Smart Matching – An Approach for the Automatic Generation of Executable Schema Mappings

By Horst Kargl .
Advised by Christian Huemer and Gerti Kappel

This work has been finished in September 2008.

Information integration has a long history in computer science [1]. It has started with theintegration of database schemas in the early eighties. With the rise of the Semantic Web andthe emerging abundance of ontologies, the need for an automatic information integration increased further.

Information integration in general and automatic information integration in particular is a huge and challenging research area. One of the main problems is handling semantic heterogeneity and schema heterogeneity. Manually finding the semantically overlapping parts of schemas is a tedious problem. Furthermore, writing integration code is a labor intensive, error-prone, and cumbersome task. A lot of approaches have already been developed to automate this work. Nevertheless, not all integration problems have been solved so far.

Matching tools are used to automatically find similarities between schemas. The results of these tools are simple correspondences. Based on these correspondences, one is able to write integration code. However, the simple correspondences are just suggestions and must be verified manually. Hence, the completeness and correctness of the resulting correspondences may not be assured. Furthermore, it is not possible to automatically derive transformation code for all found simple correspondences.

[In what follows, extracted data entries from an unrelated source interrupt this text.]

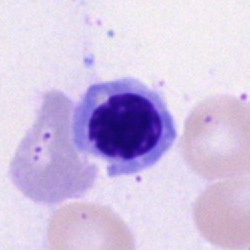

Nucleated red cell.
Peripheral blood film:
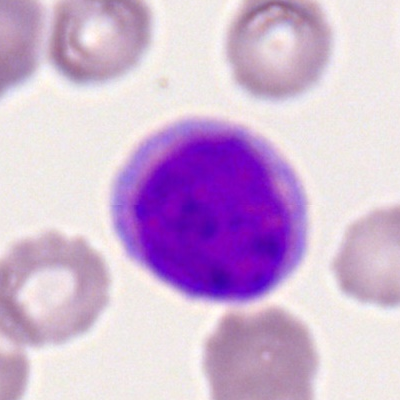 Cell type — monocyte.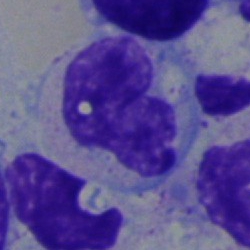
Classification = monocyte.
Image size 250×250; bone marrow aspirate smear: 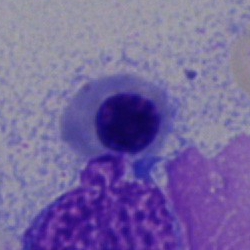

The morphological class is erythroblast.
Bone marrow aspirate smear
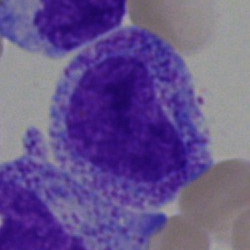 Specimen: bone marrow smear.
Cell: metamyelocyte.
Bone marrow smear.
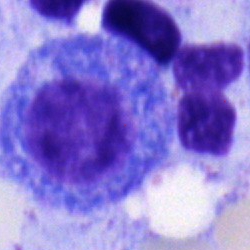
A promyelocyte.
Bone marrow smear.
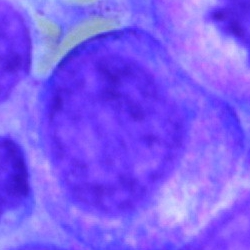

Classification: metamyelocyte.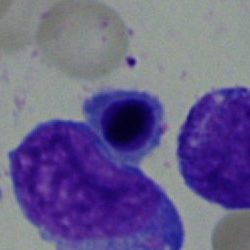 {"cell_type": "nucleated red cell"}
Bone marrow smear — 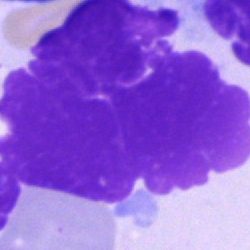 Morphology → artefact.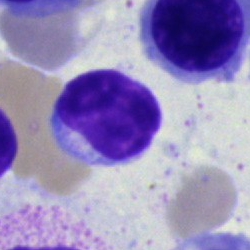
Specimen: bone marrow smear.
Cell type: lymphocyte.
Lineage: lymphoid.
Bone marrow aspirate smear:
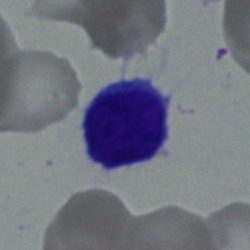Impression — typical lymphocyte.
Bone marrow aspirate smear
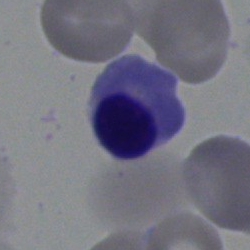
The cell shown is a normoblast.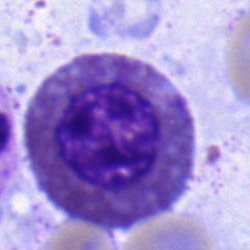Showing an eosinophilic granulocyte.
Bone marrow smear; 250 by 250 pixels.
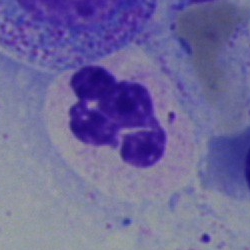Q: Which cell type is shown here?
A: It is a polymorphonuclear neutrophil.
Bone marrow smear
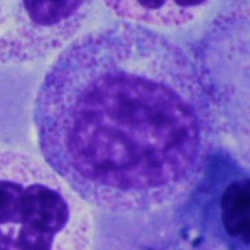

Progranulocyte.
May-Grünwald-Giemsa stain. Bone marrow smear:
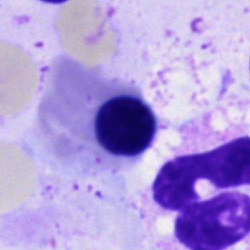

Specimen: bone marrow smear.
Cell: erythroblast.
Lineage: erythroid.
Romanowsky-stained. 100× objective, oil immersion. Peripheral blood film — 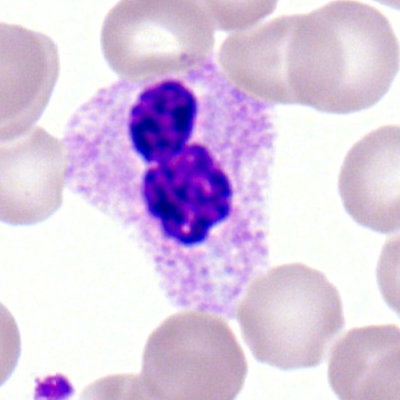

Single cell identified as a segmented neutrophil.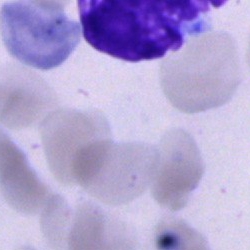

The morphological class is artifact.
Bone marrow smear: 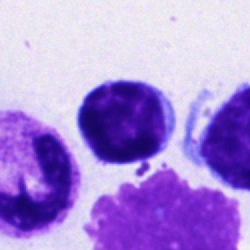Q: Identify the cell.
A: This is a typical lymphocyte.
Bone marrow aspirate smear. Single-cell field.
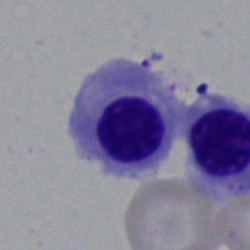

Specimen: bone marrow aspirate smear.
Cell: nucleated red blood cell.
Lineage: erythroid.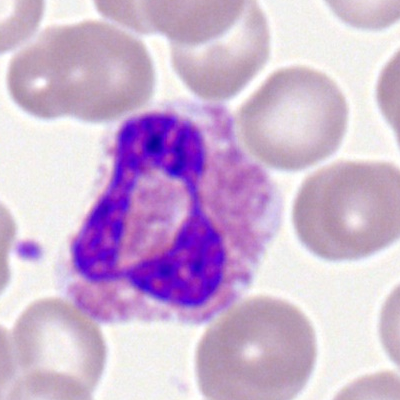
Q: What type of cell is this?
A: It is an eosinophilic granulocyte.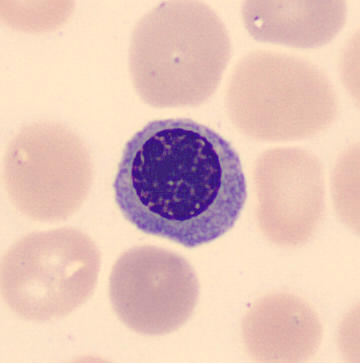{"cell_type": "erythroblast"}

Preparation: May Grünwald-Giemsa stain · peripheral blood smear.
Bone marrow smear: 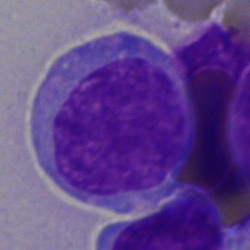

Morphological class = blast cell.
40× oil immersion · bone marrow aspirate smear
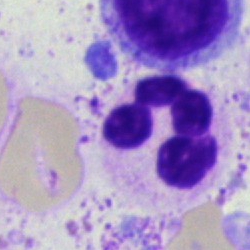Morphology → polymorphonuclear neutrophil.
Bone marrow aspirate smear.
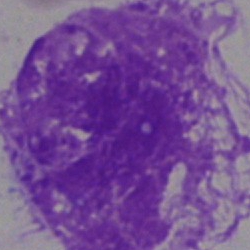Specimen: bone marrow aspirate smear.
Morphological class: artifact.
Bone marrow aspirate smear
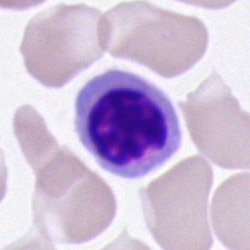

Erythroblast.
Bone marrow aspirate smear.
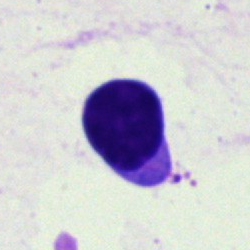 Typical lymphocyte.
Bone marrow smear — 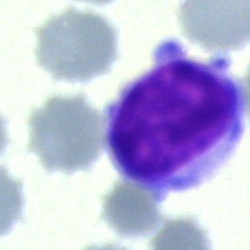

This is a lymphocyte.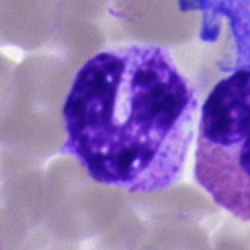The classification is band-form neutrophil.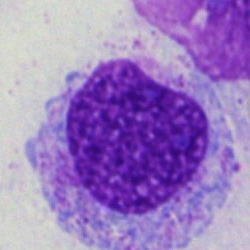

Morphological class — myelocyte.
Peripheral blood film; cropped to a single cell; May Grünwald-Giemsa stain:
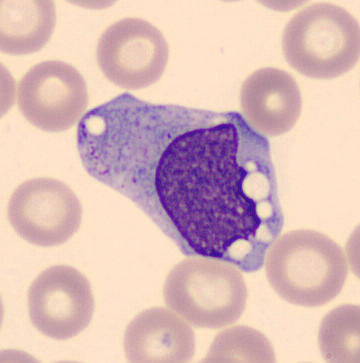
Morphological class — monocyte.
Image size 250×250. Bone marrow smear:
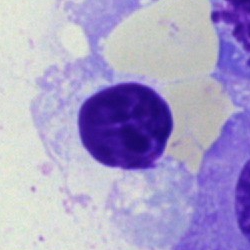

Showing an artifact.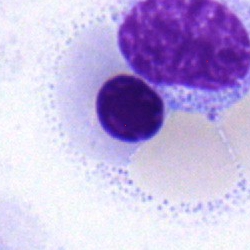The cell type is normoblast.
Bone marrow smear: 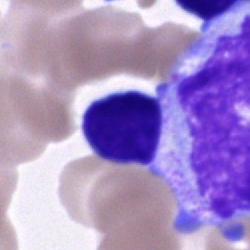

Unidentifiable cell.
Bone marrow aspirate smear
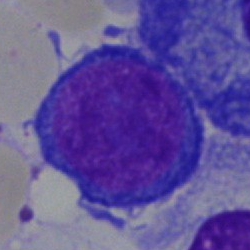 Morphological class: normoblast.
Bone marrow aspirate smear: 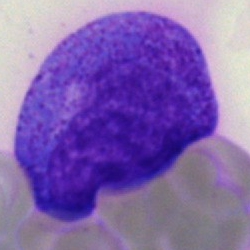Q: What cell is this?
A: Progranulocyte.
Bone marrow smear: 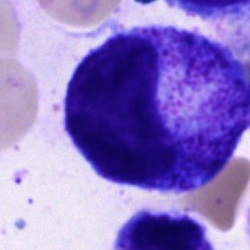 The classification is promyelocyte.

In order to write transformation code, different kinds of transformation languages have been developed. The produced code is too customized for a specific type of schema to be easily reused for other integration problems. Hence, to the best of our knowledge, there exists no transformation language to develop reusable transformation patterns for different kinds of heterogeneity problems.

This thesis addresses the heterogeneity problems, as well as the lack of reusable transformation code, and the need for establishing correct and complete correspondences between schemas. The first two problems are tackled by developing an executable declarative mapping language, which is able to cope with the core of schema heterogeneity problems. In contrast to simple correspondences, this mapping language is able to express more constraints. Based on these more expressive mappings, the execution code is automatically derived. The third problem is tackled by a self-tuning, iterative matching approach. This approach is based on the developed mapping language. Mapping strategies are responsible for the application of mapping operators. Based on the executable mapping suggestion, completeness and correctness are achieved for a provided set of instance models by a test-driven approach. These instance models are used to evaluate the produced mapping model. The prototype of this self-tuning approach is called SmartMatcher.

[1] Laura Haas. Beauty and the Beast: The Theory and Practice of Information Integration. In 11th International Conference on Database Theory, Springer LNCS 4353, 2007, pp. 28-43.